Partnerships between RGCs and GMCs, and all other providers in healthcare will be critical in realising this vision of genomic medicine. Genetic healthcare professionals currently interpret and communicate complex genomic information while providing the support and counselling required for ‘whole person’ and ‘whole family’ care. As identified by the Human Genomics Strategy Group (2012), maintenance of this specialist workforce, both as a clinical service and as a resource to support integration of genomic technology and expertise within mainstream medicine, will be essential elements of the future genomics strategy.2 Historically, the delivery of genetics and genomics outside of specialist clinical genetics services has been variable.3 A combination of formal education programmes and continual reinforcement through clinical support will be required to deliver successful and sustainable training.1 Embedding the specialist expertise of the genetic counsellor in external MDTs is essential for achieving the enhanced, responsive education and training required for true integration of genomics in mainstream medicine.

The role of the genetic counsellor

Genetic counsellors are internationally established as healthcare professionals with specialist education, training and assessed competence in genetics and genomics, combined with counselling skills.4, 5 Genetic counsellors are essential members of MDTs, enabling the genetic information generated to be appropriately relayed, to provide information and support to individuals and families attempting to comprehend and adjust to a genetic condition.1 Genetic counsellors have distinct skills, qualifications, experience and expertise to support individuals and families with genetic conditions by:1

  • Applying genomic information to overall future healthcare for an individual and family.

  • Providing practical and psychosocial support for those with, and at risk from, genetic disease.

  • Navigating the ethical challenges surrounding the disclosure and sharing of genetic information.

  • Interpreting and explaining complex, incidental or uncertain genomic information.

  • Providing education for the wider healthcare workforce on the clinical application of genomics. See Figure 1 for details.

    Figure 1
    figure 1

    Genetic counsellor’s role in the implementation of genomics.

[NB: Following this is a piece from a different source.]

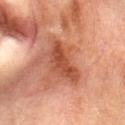follow-up: catalogued during a skin exam; not biopsied | acquisition: ~15 mm tile from a whole-body skin photo | body site: the abdomen | illumination: cross-polarized | image-analysis metrics: an eccentricity of roughly 0.9 and a symmetry-axis asymmetry near 0.4; a border-irregularity rating of about 4/10, a within-lesion color-variation index near 4/10, and a peripheral color-asymmetry measure near 1.5; a classifier nevus-likeness of about 0/100 and lesion-presence confidence of about 100/100 | subject: female, approximately 30 years of age.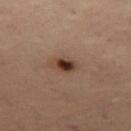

The United Kingdom has been at the forefront of developing the profession and has established the gold standard for genetic counselling, which has been emulated across Europe and worldwide.5, 6 It is also highly valued by patients.7 In 2016, the Genetic Counsellor Registration Board (GCRB); see Figure 2 became accredited by the Professional Standards Authority (PSA); the PSA are an independent organisation, accountable to the UK Parliament, that offers voluntary registration for people working in health and social care.

Figure 2
figure 2

Gevernance structure for the Genetic Counsellor Registration Board (GCRB) UK and ROI.

Also in 2016, the first NHS Scientist Training Programme in genomic counselling began via the National School of Healthcare Science in England. Furthermore, it is anticipated that genetic counsellors will, for the first time, be included in UK national healthcare workforce planning with the aim of ensuring there are enough genetic counsellors being trained in the UK to meet the increasing demands of genomic healthcare.

Genetic counsellors in the United Kingdom and Republic of Ireland are embracing genomic technology and adapting their practise accordingly. They are a highly qualified and skilled workforce in a very strong position to make great contributions to the mainstreaming of genomics. The model of practice for genetic counsellors in the UK should be evaluated so that conclusions can be drawn about the relevance and reproducibility of this in mainland Europe and the rest of the world.